# How do I carefully remove a glued on single tube tire?



## bikewhorder (Mar 2, 2014)

I've got a nice original white single tube tire on a rim that looks like this: http://thecabe.com/vbulletin/album.php?albumid=743&attachmentid=38044
and I need to remove it without damaging either.  Its glued on really well and I can't even seem to find a spot that is beginning to let go.  All I've tried so far is a heat gun but it can't seem to penetrate deep enough.  I don't really want to break out the solvents for fear of damaging the paint on the wooden rims.  Any one have any experience with this sort of thing?


----------



## pedal4416 (Mar 2, 2014)

Use it *carefully*, you dont want to cut off a finger!


----------



## pedal4416 (Mar 2, 2014)

*Oh wait, your from Maine....*

Use this, I know you all have some in a shed out back!


----------



## jpromo (Mar 2, 2014)

I guess this means I'm SOL on my rim :o


----------



## bikewhorder (Mar 2, 2014)

*I got it!*



jpromo said:


> I guess this means I'm SOL on my rim :o




Oh Yea of little faith! Your talking to the person who bent a frame back to straight for the new owner.

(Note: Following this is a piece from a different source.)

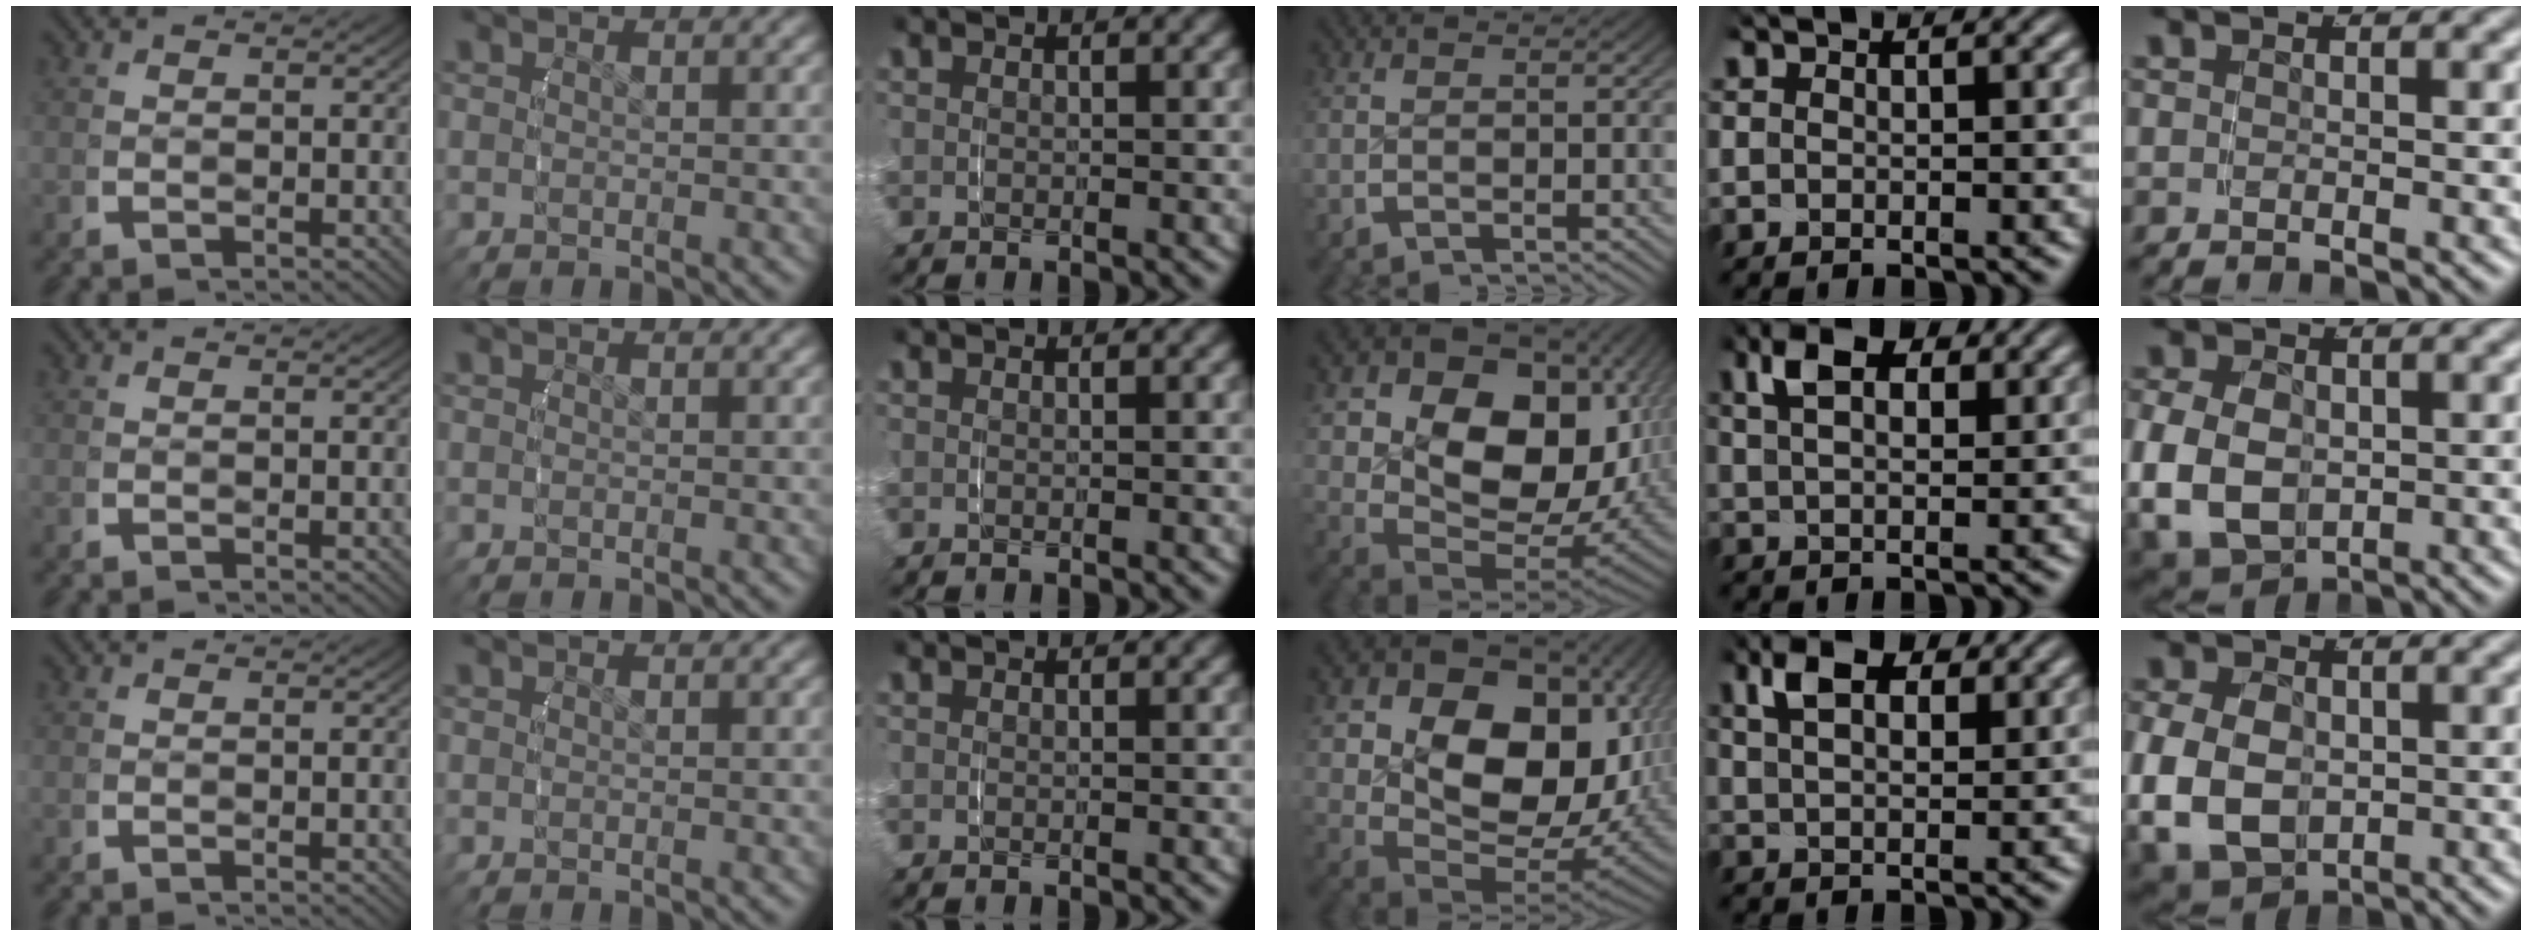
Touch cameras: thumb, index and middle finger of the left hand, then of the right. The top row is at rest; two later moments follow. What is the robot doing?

http://thecabe.com/vbulletin/showthread.php?41952-One-way-to-straighten-a-bent-frame&highlight=frame

 I used a wide flat screwdriver, some windex mutlicleaner (mmmm, citrus scented) for a lubricant and a big zip tie that I worked under the tire and pulled it along with both hands as I carefully pried the tire off the rim.  I set up shop near the woodstove to make things a bit more pliable.  Once I got the tire about 3/4 separated I was able to pry it off the side of the rim and remove it.  It probably was not the most clever way to get it off but it worked and there is very little evidence of the struggle that took place.


----------



## jpromo (Mar 2, 2014)

I didn't see that thread; impressive! I've straightened forks, rebuilt hubs, and laced wheels, after having already sold a bike, but never constructed a jig to straighten the awkward headtube bend. The extra effort is much appreciated.


----------



## Andrew Gorman (Mar 2, 2014)

A lot of rim cements were shellac based- maybe run some straight methanol (not isopropyl- too much water) under the tire and see what happens.


----------



## bike (Mar 2, 2014)

*ok*



Andrew Gorman said:


> A lot of rim cements were shellac based- maybe run some straight methanol (not isopropyl- too much water) under the tire and see what happens.




so a picture already


----------



## Andrew Gorman (Mar 2, 2014)

bike said:


> so a picture already



Huh?  80 year old glue/adhesive. Add a solvent.  What was once hard becomes sticky and softer. Alcohol won't affect paint or raise the grain on wood.


----------